Пространство и образ

Оставляя вещь как образ, важно не оглянуться. Таково условие пространственной петли и только в этом случае возвращение оказывается размывающим образ. Но вряд ли в отношении петли, в виду её пространственности, можно говорить о возвращении. Кровь размывает образ; и она не бежит вспять (отношения кровяных потоков — текущие отношения). Пространственной-то петля оказывается как раз потому, что совершает её кровь, [232] участвуя в циркуляции воздуха, участвуя в циркуляции воздушных потоков. Такова песня. Однако речь здесь не идет о дыхании; по крайней мере, не только о нём. Ведь воздух, хотя и пространствен, он всё же не пространство, как и пространство, будучи воздушным пространством, всё-таки не является воздухом. Наверно Хлебников, ставший песней, дышит пространством. Тогда это значит, что текущие переменные отношения его потоков теперь пространственны, т. е. он — как ветер. В данном же случае речь идет и ещё о некотором избытке, или даже скорее о нём, об избыточном голосе, растягивающим и сжимающим пространство, в конечном счете, по-видимому, растягивая его. Петля означает, что, вернувшись, мы уже не найдем дома — лишь трещины и выщербины в стене. Всё верно, их не было раньше; потому что пространство, растягиваясь, оставило их. И пока мы были в пути, песни размыли образ.

Примечания
  • [1] Отдельные отрывки из дипломной работы по теме «Опыт смещения акцентов дискурса желания», защищенной на кафедре социальной философии и философии истории в 2003 году.
  • [2] Заболоцкий Н.А. Письма // Заболоцкий Н.А. Избранное. М., 1972.
  • [3] Хлебников В. Статьи и заметки // Хлебников В. Творения. М., 1987. С.495
  • [4] Термины Хлебникова, используемые им в описании единиц «звездного языка» (Хлебников В. Зангези // Хлебников В. Творения. М., 1987.)

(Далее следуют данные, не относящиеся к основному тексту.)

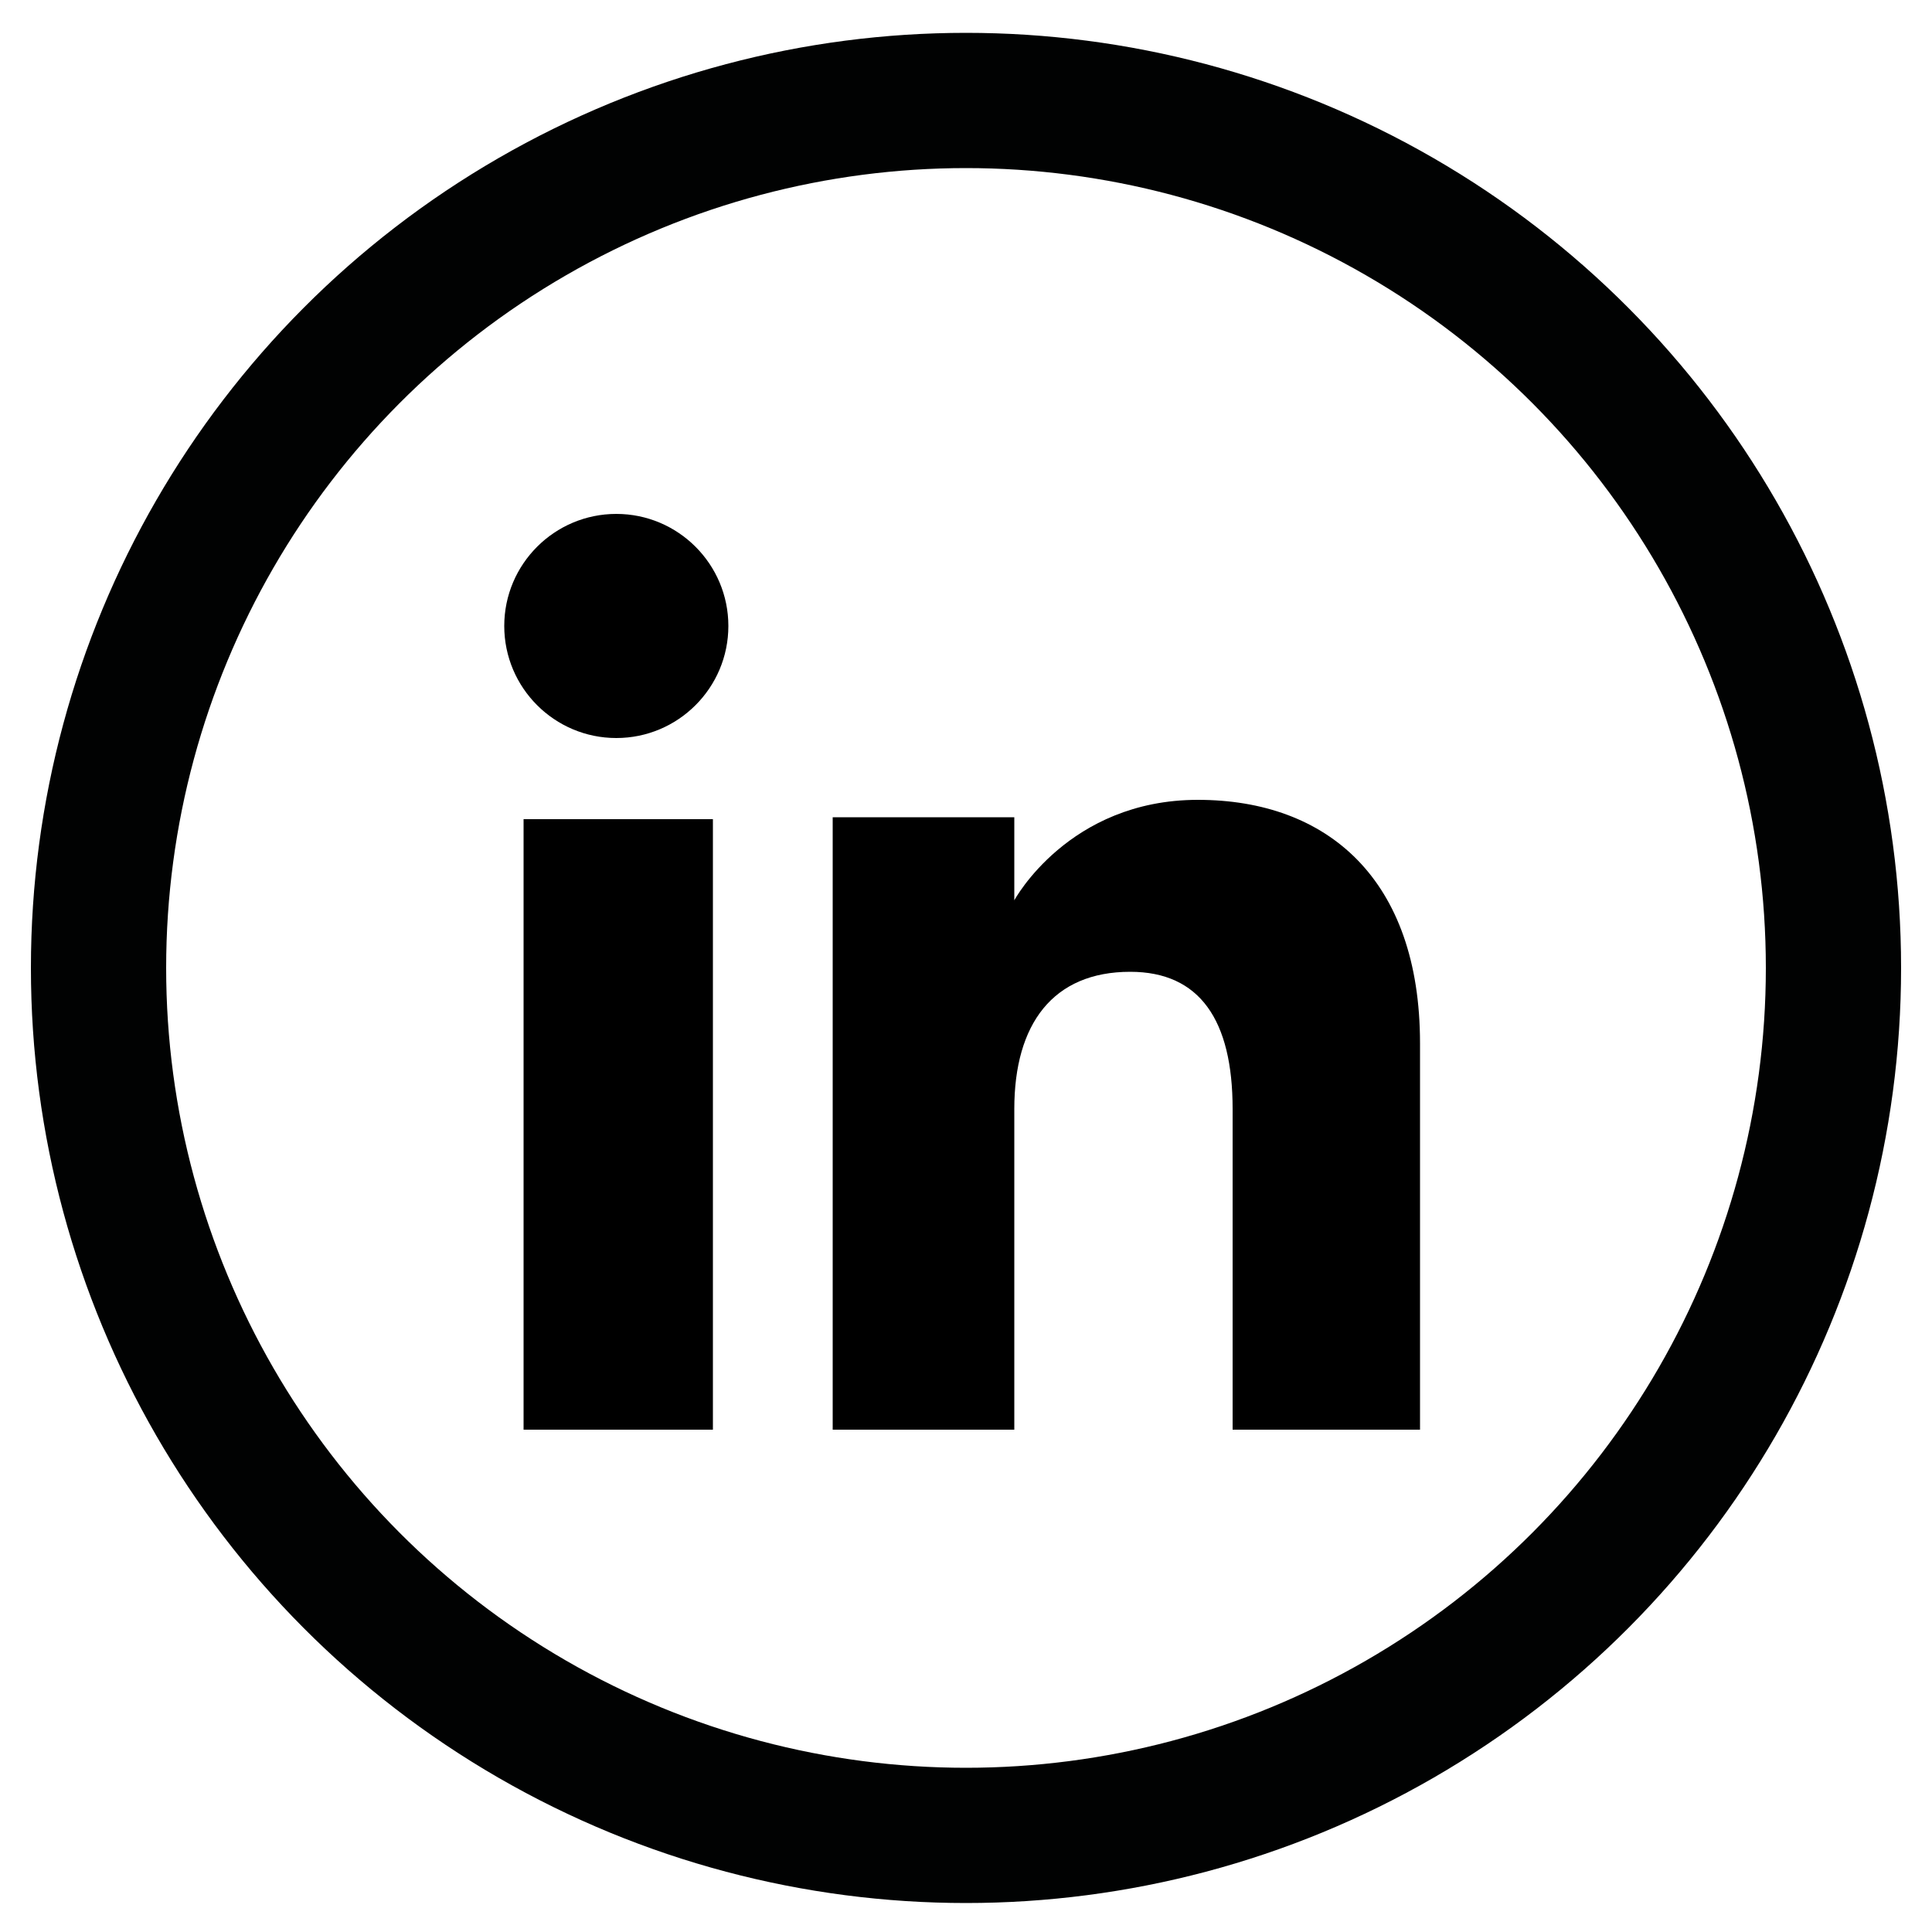 <?xml version="1.0" encoding="utf-8"?>
<!-- Generator: Adobe Illustrator 26.1.0, SVG Export Plug-In . SVG Version: 6.00 Build 0)  -->
<svg version="1.1" id="Capa_1" xmlns="http://www.w3.org/2000/svg" xmlns:xlink="http://www.w3.org/1999/xlink" x="0px" y="0px"
	 viewBox="0 0 100 100" style="enable-background:new 0 0 100 100;" xml:space="preserve">
<style type="text/css">
	.st0{fill:none;stroke:#010202;stroke-width:7;stroke-miterlimit:10;}
	.st1{fill:#010202;}
</style>
<circle class="st0" cx="50" cy="50.1" r="44.9"/>
<path class="st1" d="M240.9-83.3c-1.5,0.7-3.1,1.1-4.7,1.3c0.8-0.1,1.9-1.5,2.3-2.1c0.7-0.8,1.2-1.8,1.6-2.9c0-0.1,0.1-0.2,0-0.2
	s-0.2,0-0.3,0c-1.8,1-3.6,1.7-5.6,2.1c-0.2,0-0.3,0-0.4-0.1c-0.2-0.2-0.3-0.4-0.5-0.5c-0.8-0.7-1.7-1.3-2.7-1.7
	c-1.3-0.5-2.7-0.8-4.2-0.7c-1.4,0.1-2.7,0.5-4,1.1c-1.2,0.6-2.3,1.5-3.2,2.6s-1.6,2.4-1.9,3.8c-0.3,1.3-0.3,2.7-0.1,4
	c0,0.2,0,0.3-0.2,0.2c-7.7-1.1-14.1-3.9-19.3-9.8c-0.2-0.3-0.3-0.3-0.5,0c-2.3,3.4-1.2,8.9,1.7,11.5c0.4,0.4,0.8,0.7,1.2,1
	c-0.2,0-2-0.2-3.7-1c-0.2-0.1-0.3-0.1-0.4,0.2c0,0.4,0,0.7,0.1,1.1c0.4,3.4,2.8,6.6,6.1,7.9c0.4,0.2,0.8,0.3,1.2,0.4
	c-0.7,0.2-1.5,0.3-3.6,0.1c-0.3-0.1-0.4,0.1-0.3,0.3c1.6,4.4,5.1,5.7,7.7,6.4c0.3,0.1,0.7,0.1,1,0.1c0,0,0,0-0.1,0.1
	c-0.9,1.3-3.8,2.3-5.2,2.8c-2.5,0.9-5.3,1.3-7.9,1c-0.4-0.1-0.5-0.1-0.6,0s0,0.2,0.1,0.3c0.5,0.4,1.1,0.7,1.7,1
	c1.7,0.9,3.5,1.6,5.3,2.1c9.5,2.6,20.3,0.7,27.5-6.4c5.6-5.6,7.6-13.3,7.6-21c0-0.3,0.4-0.5,0.6-0.6c1.5-1.1,2.6-2.4,3.7-3.9
	c0.2-0.3,0.2-0.6,0.2-0.7l0,0C241.1-83.4,241.1-83.3,240.9-83.3z"/>
<g id="XMLID_1708_">
	<g id="XMLID_1710_">
		<rect id="XMLID_1712_" x="27.1" y="42.4" width="9.8" height="31.6"/>
		<path id="XMLID_1711_" d="M31.9,38.2c3.2,0,5.8-2.6,5.8-5.8c0-3.2-2.6-5.8-5.8-5.8c-3.2,0-5.8,2.6-5.8,5.8
			C26.1,35.6,28.7,38.2,31.9,38.2z"/>
	</g>
	<path id="XMLID_1709_" d="M52.5,57.4c0-4.4,2-7.1,6-7.1c3.6,0,5.3,2.5,5.3,7.1c0,4.6,0,16.6,0,16.6h9.7c0,0,0-11.6,0-20
		c0-8.5-4.8-12.6-11.5-12.6c-6.7,0-9.5,5.2-9.5,5.2v-4.3h-9.4V74h9.4C52.5,74,52.5,62.3,52.5,57.4z"/>
</g>
</svg>

  • [5] Там же. С.480-481.
  • [6] Если мы говорим (читай: пишем) о пространственном растяжении и сжатии, то должны учитывать, что фраза выходит из рта не вдоль, а как бы поперёк. Поэтому дыхательный процесс, по-видимому, имеет мало отношения к собственно интонированию. Дыхание работает на уровне фраз. Его функция в том, чтобы, образно выражаясь, вытолкнуть фразу.

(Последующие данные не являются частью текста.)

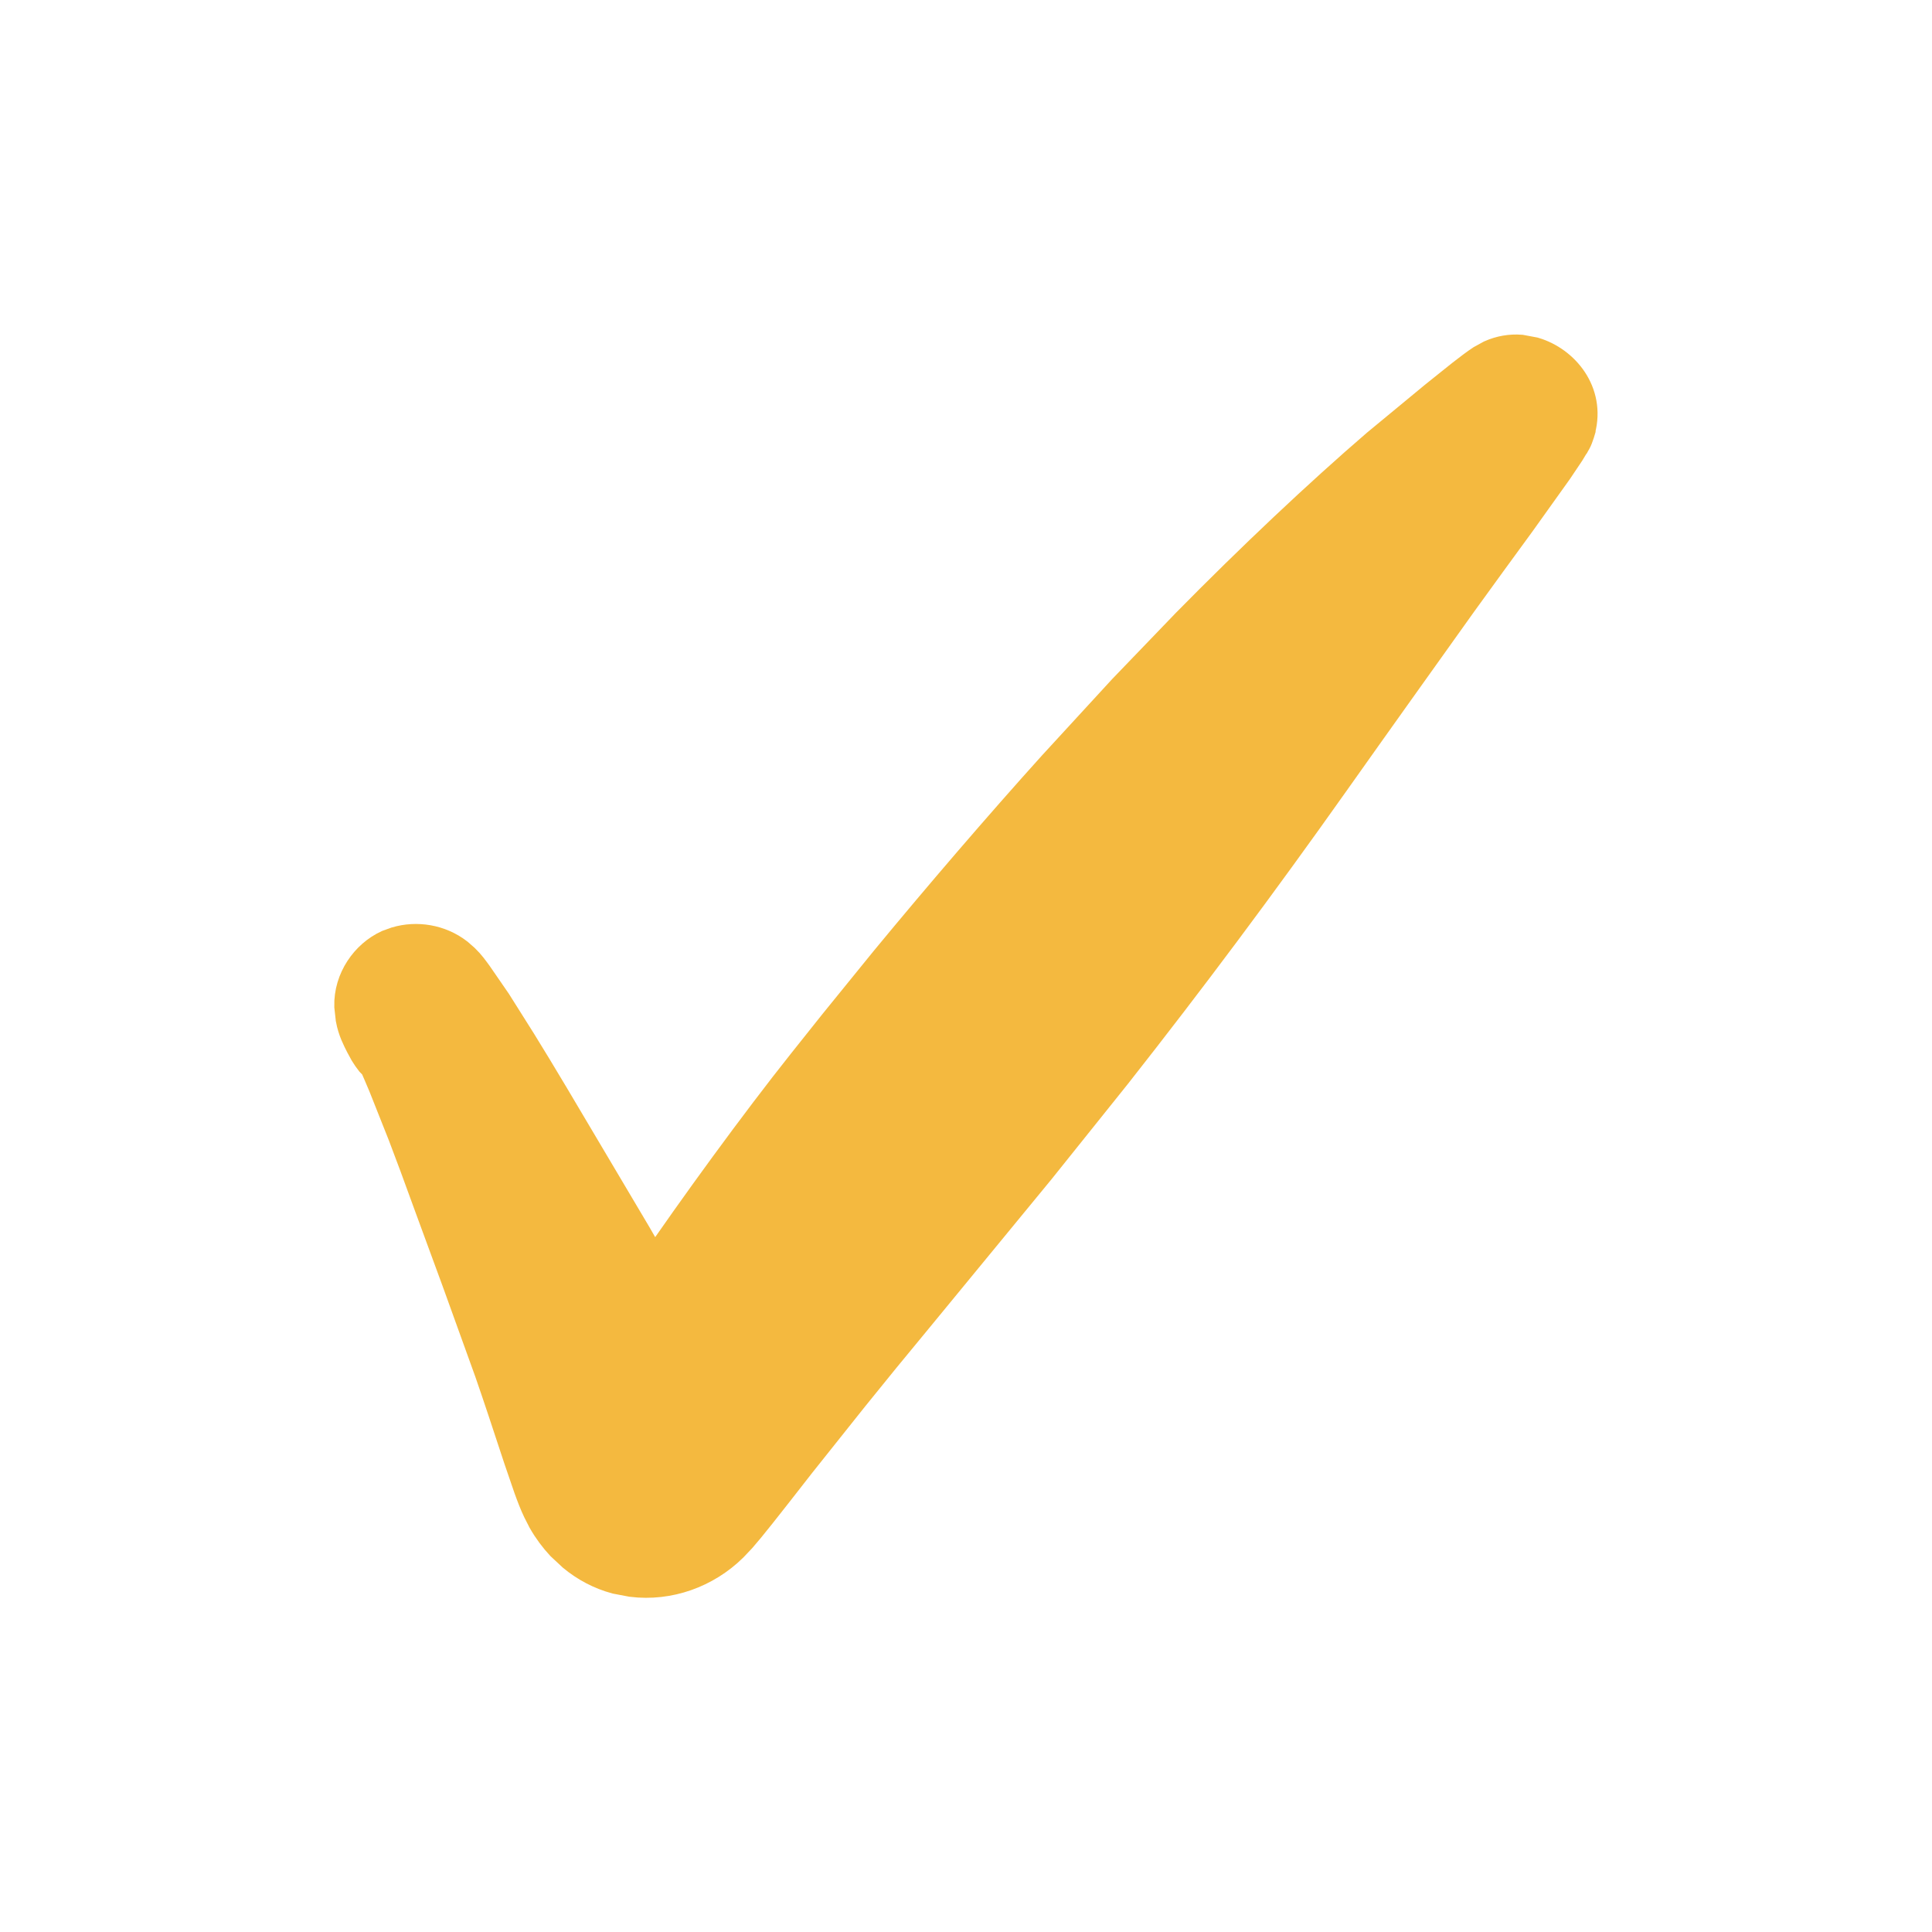 <svg width="20" height="20" viewBox="0 0 20 20" fill="none" xmlns="http://www.w3.org/2000/svg">
<path d="M15.738 3.657L15.872 3.682C16.17 3.771 16.42 4.077 16.325 4.438V4.443L16.316 4.473C16.305 4.507 16.295 4.535 16.281 4.56C16.275 4.572 16.268 4.581 16.265 4.587L16.261 4.592L16.217 4.665L16.093 4.85L15.71 5.386C15.506 5.665 15.31 5.934 15.105 6.218L14.45 7.136L14.114 7.608L13.775 8.086C13.025 9.145 12.298 10.119 11.526 11.1L10.736 12.086L9.479 13.615C9.236 13.908 9.011 14.183 8.807 14.437L8.258 15.126C7.884 15.606 7.74 15.788 7.645 15.896L7.558 15.988C7.29 16.251 6.917 16.385 6.545 16.339L6.387 16.309C6.227 16.266 6.08 16.188 5.954 16.084L5.835 15.973C5.769 15.902 5.707 15.82 5.652 15.724L5.6 15.622C5.568 15.555 5.539 15.48 5.508 15.394L5.404 15.091C5.281 14.717 5.195 14.456 5.102 14.188L4.762 13.246L4.482 12.484C4.366 12.164 4.279 11.928 4.204 11.733L4.003 11.227C3.958 11.119 3.929 11.054 3.911 11.013L3.867 10.968C3.845 10.939 3.825 10.912 3.809 10.885L3.766 10.806C3.731 10.737 3.688 10.656 3.667 10.542L3.653 10.416C3.646 10.15 3.814 9.914 4.03 9.815L4.113 9.785C4.312 9.726 4.542 9.761 4.718 9.897L4.782 9.953C4.839 10.008 4.874 10.059 4.911 10.109L5.106 10.392L5.365 10.803C5.464 10.963 5.575 11.146 5.699 11.354L6.557 12.801C6.644 12.95 6.709 13.07 6.766 13.17C7.205 12.526 7.849 11.641 8.343 11.021L8.664 10.618L9.195 9.964C9.752 9.289 10.368 8.572 10.927 7.952L11.653 7.162L12.31 6.479C12.981 5.797 13.679 5.139 14.275 4.626L14.873 4.132L15.15 3.91C15.232 3.846 15.301 3.794 15.354 3.759L15.447 3.708C15.542 3.666 15.642 3.65 15.738 3.657Z" fill="#F4B93F" stroke="#F4B93F" stroke-width="0.385"/>
</svg>

  • [7] Однако движение должно бы иметь какую-нибудь причину. В данном случае ближайшей действующей причиной оказывается человек со своими лёгкими и горлом. При этом голос может быть либо действием, т. е. движением, в котором заключена его цель (наподобие аристотелевского зрения: смотрю, и увидел; озвучиваю какую-нибудь фонему, и озвучил); либо — собственно движением, если цель вынесена (как, например, строительство). Тогда этой целью может стать интонирование какого-либо состояния души, например, любви. Поэтому интересно было бы предположить единоборство двух этих целей. Линия борьбы тогда будет представлять желание, практически неотличимое от аристотелевской энергии.